ENTRIES SHOWN: Begin

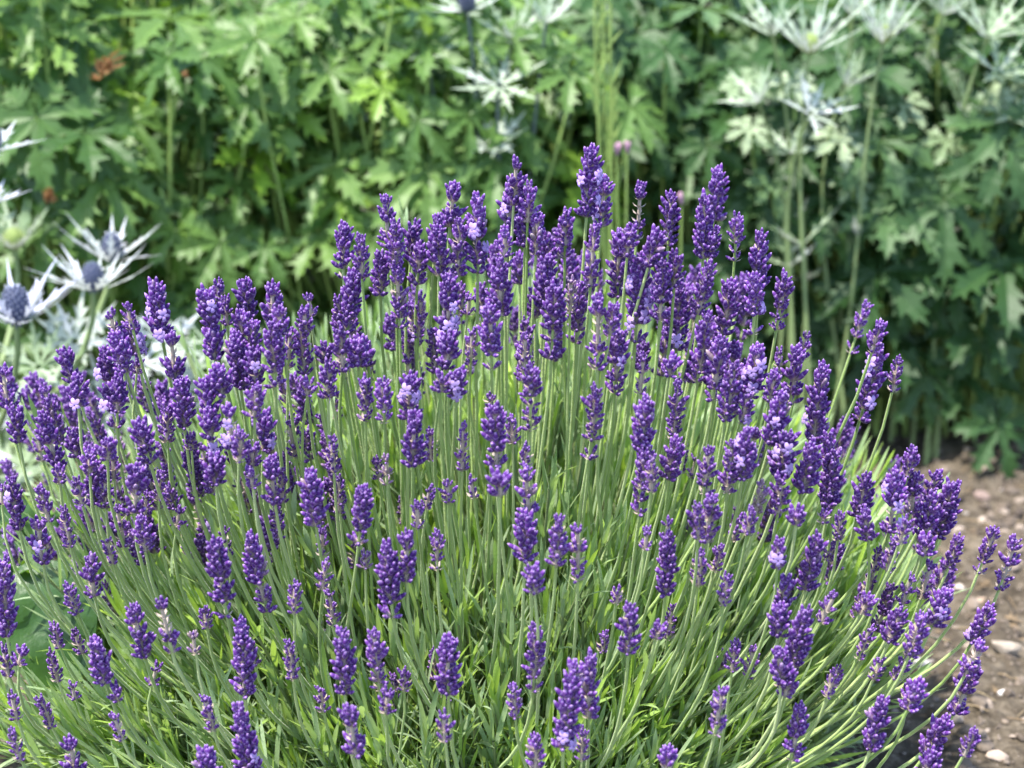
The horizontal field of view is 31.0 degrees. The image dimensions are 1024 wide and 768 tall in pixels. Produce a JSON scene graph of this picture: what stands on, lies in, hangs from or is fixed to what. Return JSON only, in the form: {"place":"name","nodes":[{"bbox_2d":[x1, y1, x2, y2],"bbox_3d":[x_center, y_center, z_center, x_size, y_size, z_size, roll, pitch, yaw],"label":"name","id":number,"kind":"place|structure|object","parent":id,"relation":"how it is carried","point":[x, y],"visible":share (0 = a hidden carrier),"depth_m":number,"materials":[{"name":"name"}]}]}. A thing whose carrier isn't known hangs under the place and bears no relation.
{"place":"outdoors","nodes":[
{"label":"outdoors","id":0,"kind":"place"},
{"bbox_2d":[0,0,1023,767],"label":"soil","id":1,"kind":"structure","parent":0,"point":[956,464],"depth_m":1.49,"materials":[{"name":"brown soil"}]},
{"bbox_2d":[0,493,118,720],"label":"broad leaved plant","id":2,"kind":"object","parent":1,"relation":"on","point":[31,632],"visible":0.34,"depth_m":1.18,"materials":[{"name":"green plant"}]},
{"bbox_2d":[0,121,280,501],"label":"sea holly","id":3,"kind":"object","parent":1,"relation":"on","point":[17,304],"visible":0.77,"depth_m":1.52,"materials":[{"name":"silver plant"}]},
{"bbox_2d":[0,0,372,456],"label":"cranesbill plant","id":4,"kind":"object","parent":1,"relation":"on","point":[66,166],"visible":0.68,"depth_m":1.70,"materials":[{"name":"green plant"}]},
{"bbox_2d":[0,0,452,308],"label":"cranesbill plant","id":5,"kind":"object","parent":1,"relation":"on","point":[261,4],"visible":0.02,"depth_m":2.08,"materials":[{"name":"green plant"}]},
{"bbox_2d":[50,0,669,407],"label":"cranesbill plant","id":6,"kind":"object","parent":1,"relation":"on","point":[416,162],"visible":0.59,"depth_m":1.71,"materials":[{"name":"green plant"}]},
{"bbox_2d":[391,0,576,356],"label":"sea holly","id":7,"kind":"object","parent":1,"relation":"on","point":[467,7],"visible":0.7,"depth_m":1.66,"materials":[{"name":"silver plant"}]},
{"bbox_2d":[0,142,1022,767],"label":"lavender bush","id":8,"kind":"object","parent":1,"relation":"on","point":[554,530],"visible":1,"depth_m":1.07,"materials":[{"name":"purple plant"}]},
{"bbox_2d":[358,0,847,230],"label":"cranesbill plant","id":9,"kind":"object","parent":1,"relation":"on","point":[726,3],"visible":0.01,"depth_m":2.17,"materials":[{"name":"green plant"}]},
{"bbox_2d":[591,0,621,306],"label":"budded stalk","id":10,"kind":"object","parent":1,"relation":"on","point":[609,151],"visible":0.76,"depth_m":1.63,"materials":[{"name":"green plant"}]},
{"bbox_2d":[614,140,630,330],"bbox_3d":[0.101,-0.053,1.666,0.013,0.341,0.031,13,24,33],"label":"budded stalk","id":11,"kind":"object","parent":1,"relation":"on","point":[618,145],"visible":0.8,"depth_m":1.61,"materials":[{"name":"green plant"}]},
{"bbox_2d":[441,0,879,396],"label":"cranesbill plant","id":12,"kind":"object","parent":1,"relation":"on","point":[673,80],"visible":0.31,"depth_m":1.80,"materials":[{"name":"green plant"}]},
{"bbox_2d":[677,192,683,387],"bbox_3d":[0.152,-0.033,1.676,0.005,0.296,0.028,9,22,24],"label":"budded stalk","id":13,"kind":"object","parent":1,"relation":"on","point":[680,198],"visible":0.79,"depth_m":1.63,"materials":[{"name":"green plant"}]},
{"bbox_2d":[677,0,1023,479],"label":"cranesbill plant","id":14,"kind":"object","parent":1,"relation":"on","point":[918,198],"visible":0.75,"depth_m":1.74,"materials":[{"name":"green plant"}]},
{"bbox_2d":[706,0,1023,155],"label":"cranesbill plant","id":15,"kind":"object","parent":1,"relation":"on","point":[921,4],"visible":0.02,"depth_m":2.09,"materials":[{"name":"green plant"}]},
{"bbox_2d":[714,0,1023,464],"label":"sea holly","id":16,"kind":"object","parent":1,"relation":"on","point":[812,42],"visible":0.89,"depth_m":1.69,"materials":[{"name":"silver plant"}]},
{"bbox_2d":[755,394,1023,767],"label":"gravel","id":17,"kind":"structure","parent":1,"relation":"on","point":[985,745],"depth_m":1.57,"materials":[{"name":"grey gravel"}]},
{"bbox_2d":[908,657,930,668],"bbox_3d":[0.311,0.213,1.410,0.021,0.012,0.009,-7,21,-19],"label":"pebble","id":18,"kind":"object","parent":1,"relation":"on","point":[926,661],"visible":0.29,"depth_m":1.41,"materials":[{"name":"stone"}]},
{"bbox_2d":[833,433,1023,767],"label":"plant litter","id":19,"kind":"object","parent":1,"relation":"on","point":[985,582],"visible":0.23,"depth_m":1.51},
{"bbox_2d":[951,526,964,533],"bbox_3d":[0.400,0.131,1.656,0.012,0.007,0.008,0,20,0],"label":"pebble","id":20,"kind":"object","parent":1,"relation":"on","point":[955,530],"visible":0.93,"depth_m":1.65,"materials":[{"name":"stone"}]},
{"bbox_2d":[954,583,964,590],"bbox_3d":[0.376,0.171,1.551,0.010,0.007,0.008,0,20,0],"label":"pebble","id":21,"kind":"object","parent":1,"relation":"on","point":[959,587],"visible":0.89,"depth_m":1.55,"materials":[{"name":"stone"}]},
{"bbox_2d":[973,490,989,500],"bbox_3d":[0.444,0.106,1.745,0.015,0.010,0.010,0,20,0],"label":"pebble","id":22,"kind":"object","parent":1,"relation":"on","point":[980,495],"visible":1,"depth_m":1.74,"materials":[{"name":"stone"}]},
{"bbox_2d":[978,516,985,522],"bbox_3d":[0.429,0.124,1.684,0.009,0.005,0.009,0,20,0],"label":"pebble","id":23,"kind":"object","parent":1,"relation":"on","point":[983,518],"visible":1,"depth_m":1.68,"materials":[{"name":"stone"}]},
{"bbox_2d":[977,597,992,603],"bbox_3d":[0.392,0.180,1.529,0.014,0.005,0.010,11,23,28],"label":"pebble","id":24,"kind":"object","parent":1,"relation":"on","point":[979,599],"visible":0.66,"depth_m":1.53,"materials":[{"name":"stone"}]},
{"bbox_2d":[986,750,1008,761],"bbox_3d":[0.341,0.261,1.296,0.016,0.008,0.009,0,20,0],"label":"pebble","id":25,"kind":"object","parent":1,"relation":"on","point":[996,755],"visible":1,"depth_m":1.29,"materials":[{"name":"stone"}]},
{"bbox_2d":[1001,509,1009,513],"bbox_3d":[0.461,0.119,1.728,0.010,0.006,0.005,0,20,0],"label":"pebble","id":26,"kind":"object","parent":1,"relation":"on","point":[1005,511],"visible":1,"depth_m":1.73,"materials":[{"name":"stone"}]},
{"bbox_2d":[992,641,1022,655],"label":"pebble","id":27,"kind":"object","parent":1,"relation":"on","point":[1004,647],"visible":1,"depth_m":1.45,"materials":[{"name":"stone"}]}
]}

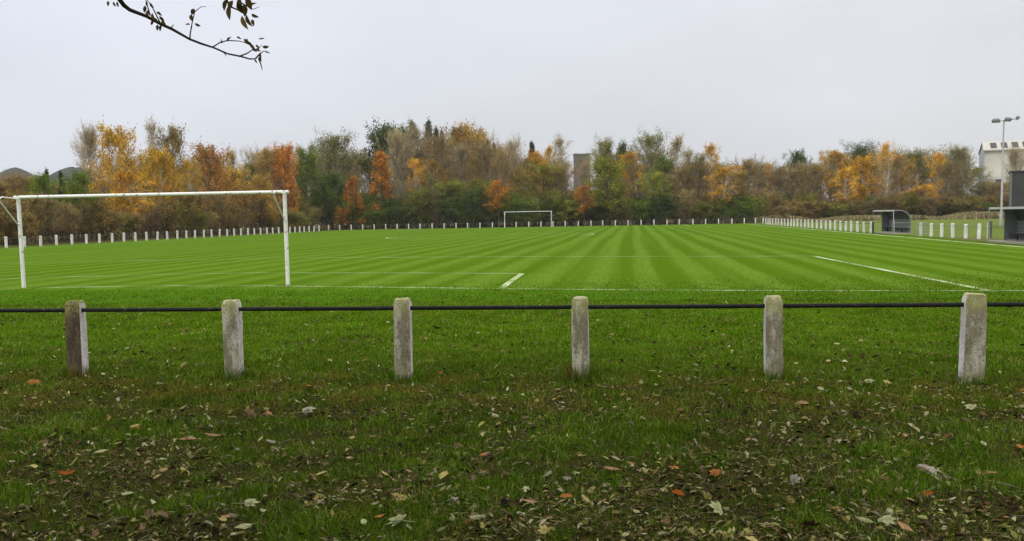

ENTRIES SHOWN: End

▸ **WHAT IS BEING ASKED**
The reply must hold each line of the records verbatim and no pictures.

▸ **RESPONSE AREA**
The horizontal field of view is 31.0 degrees. The image dimensions are 1024 wide and 768 tall in pixels. Produce a JSON scene graph of this picture: what stands on, lies in, hangs from or is fixed to what. Return JSON only, in the form: {"place":"name","nodes":[{"bbox_2d":[x1, y1, x2, y2],"bbox_3d":[x_center, y_center, z_center, x_size, y_size, z_size, roll, pitch, yaw],"label":"name","id":number,"kind":"place|structure|object","parent":id,"relation":"how it is carried","point":[x, y],"visible":share (0 = a hidden carrier),"depth_m":number,"materials":[{"name":"name"}]}]}. A thing whose carrier isn't known hangs under the place and bears no relation.
{"place":"outdoors","nodes":[
{"label":"outdoors","id":0,"kind":"place"},
{"bbox_2d":[0,0,1023,767],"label":"soil","id":1,"kind":"structure","parent":0,"point":[956,464],"depth_m":1.49,"materials":[{"name":"brown soil"}]},
{"bbox_2d":[0,493,118,720],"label":"broad leaved plant","id":2,"kind":"object","parent":1,"relation":"on","point":[31,632],"visible":0.34,"depth_m":1.18,"materials":[{"name":"green plant"}]},
{"bbox_2d":[0,121,280,501],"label":"sea holly","id":3,"kind":"object","parent":1,"relation":"on","point":[17,304],"visible":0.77,"depth_m":1.52,"materials":[{"name":"silver plant"}]},
{"bbox_2d":[0,0,372,456],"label":"cranesbill plant","id":4,"kind":"object","parent":1,"relation":"on","point":[66,166],"visible":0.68,"depth_m":1.70,"materials":[{"name":"green plant"}]},
{"bbox_2d":[0,0,452,308],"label":"cranesbill plant","id":5,"kind":"object","parent":1,"relation":"on","point":[261,4],"visible":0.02,"depth_m":2.08,"materials":[{"name":"green plant"}]},
{"bbox_2d":[50,0,669,407],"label":"cranesbill plant","id":6,"kind":"object","parent":1,"relation":"on","point":[416,162],"visible":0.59,"depth_m":1.71,"materials":[{"name":"green plant"}]},
{"bbox_2d":[391,0,576,356],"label":"sea holly","id":7,"kind":"object","parent":1,"relation":"on","point":[467,7],"visible":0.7,"depth_m":1.66,"materials":[{"name":"silver plant"}]},
{"bbox_2d":[0,142,1022,767],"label":"lavender bush","id":8,"kind":"object","parent":1,"relation":"on","point":[554,530],"visible":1,"depth_m":1.07,"materials":[{"name":"purple plant"}]},
{"bbox_2d":[358,0,847,230],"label":"cranesbill plant","id":9,"kind":"object","parent":1,"relation":"on","point":[726,3],"visible":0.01,"depth_m":2.17,"materials":[{"name":"green plant"}]},
{"bbox_2d":[591,0,621,306],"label":"budded stalk","id":10,"kind":"object","parent":1,"relation":"on","point":[609,151],"visible":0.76,"depth_m":1.63,"materials":[{"name":"green plant"}]},
{"bbox_2d":[614,140,630,330],"bbox_3d":[0.101,-0.053,1.666,0.013,0.341,0.031,13,24,33],"label":"budded stalk","id":11,"kind":"object","parent":1,"relation":"on","point":[618,145],"visible":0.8,"depth_m":1.61,"materials":[{"name":"green plant"}]},
{"bbox_2d":[441,0,879,396],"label":"cranesbill plant","id":12,"kind":"object","parent":1,"relation":"on","point":[673,80],"visible":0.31,"depth_m":1.80,"materials":[{"name":"green plant"}]},
{"bbox_2d":[677,192,683,387],"bbox_3d":[0.152,-0.033,1.676,0.005,0.296,0.028,9,22,24],"label":"budded stalk","id":13,"kind":"object","parent":1,"relation":"on","point":[680,198],"visible":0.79,"depth_m":1.63,"materials":[{"name":"green plant"}]},
{"bbox_2d":[677,0,1023,479],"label":"cranesbill plant","id":14,"kind":"object","parent":1,"relation":"on","point":[918,198],"visible":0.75,"depth_m":1.74,"materials":[{"name":"green plant"}]},
{"bbox_2d":[706,0,1023,155],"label":"cranesbill plant","id":15,"kind":"object","parent":1,"relation":"on","point":[921,4],"visible":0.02,"depth_m":2.09,"materials":[{"name":"green plant"}]},
{"bbox_2d":[714,0,1023,464],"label":"sea holly","id":16,"kind":"object","parent":1,"relation":"on","point":[812,42],"visible":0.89,"depth_m":1.69,"materials":[{"name":"silver plant"}]},
{"bbox_2d":[755,394,1023,767],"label":"gravel","id":17,"kind":"structure","parent":1,"relation":"on","point":[985,745],"depth_m":1.57,"materials":[{"name":"grey gravel"}]},
{"bbox_2d":[908,657,930,668],"bbox_3d":[0.311,0.213,1.410,0.021,0.012,0.009,-7,21,-19],"label":"pebble","id":18,"kind":"object","parent":1,"relation":"on","point":[926,661],"visible":0.29,"depth_m":1.41,"materials":[{"name":"stone"}]},
{"bbox_2d":[833,433,1023,767],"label":"plant litter","id":19,"kind":"object","parent":1,"relation":"on","point":[985,582],"visible":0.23,"depth_m":1.51},
{"bbox_2d":[951,526,964,533],"bbox_3d":[0.400,0.131,1.656,0.012,0.007,0.008,0,20,0],"label":"pebble","id":20,"kind":"object","parent":1,"relation":"on","point":[955,530],"visible":0.93,"depth_m":1.65,"materials":[{"name":"stone"}]},
{"bbox_2d":[954,583,964,590],"bbox_3d":[0.376,0.171,1.551,0.010,0.007,0.008,0,20,0],"label":"pebble","id":21,"kind":"object","parent":1,"relation":"on","point":[959,587],"visible":0.89,"depth_m":1.55,"materials":[{"name":"stone"}]},
{"bbox_2d":[973,490,989,500],"bbox_3d":[0.444,0.106,1.745,0.015,0.010,0.010,0,20,0],"label":"pebble","id":22,"kind":"object","parent":1,"relation":"on","point":[980,495],"visible":1,"depth_m":1.74,"materials":[{"name":"stone"}]},
{"bbox_2d":[978,516,985,522],"bbox_3d":[0.429,0.124,1.684,0.009,0.005,0.009,0,20,0],"label":"pebble","id":23,"kind":"object","parent":1,"relation":"on","point":[983,518],"visible":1,"depth_m":1.68,"materials":[{"name":"stone"}]},
{"bbox_2d":[977,597,992,603],"bbox_3d":[0.392,0.180,1.529,0.014,0.005,0.010,11,23,28],"label":"pebble","id":24,"kind":"object","parent":1,"relation":"on","point":[979,599],"visible":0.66,"depth_m":1.53,"materials":[{"name":"stone"}]},
{"bbox_2d":[986,750,1008,761],"bbox_3d":[0.341,0.261,1.296,0.016,0.008,0.009,0,20,0],"label":"pebble","id":25,"kind":"object","parent":1,"relation":"on","point":[996,755],"visible":1,"depth_m":1.29,"materials":[{"name":"stone"}]},
{"bbox_2d":[1001,509,1009,513],"bbox_3d":[0.461,0.119,1.728,0.010,0.006,0.005,0,20,0],"label":"pebble","id":26,"kind":"object","parent":1,"relation":"on","point":[1005,511],"visible":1,"depth_m":1.73,"materials":[{"name":"stone"}]},
{"bbox_2d":[992,641,1022,655],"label":"pebble","id":27,"kind":"object","parent":1,"relation":"on","point":[1004,647],"visible":1,"depth_m":1.45,"materials":[{"name":"stone"}]}
]}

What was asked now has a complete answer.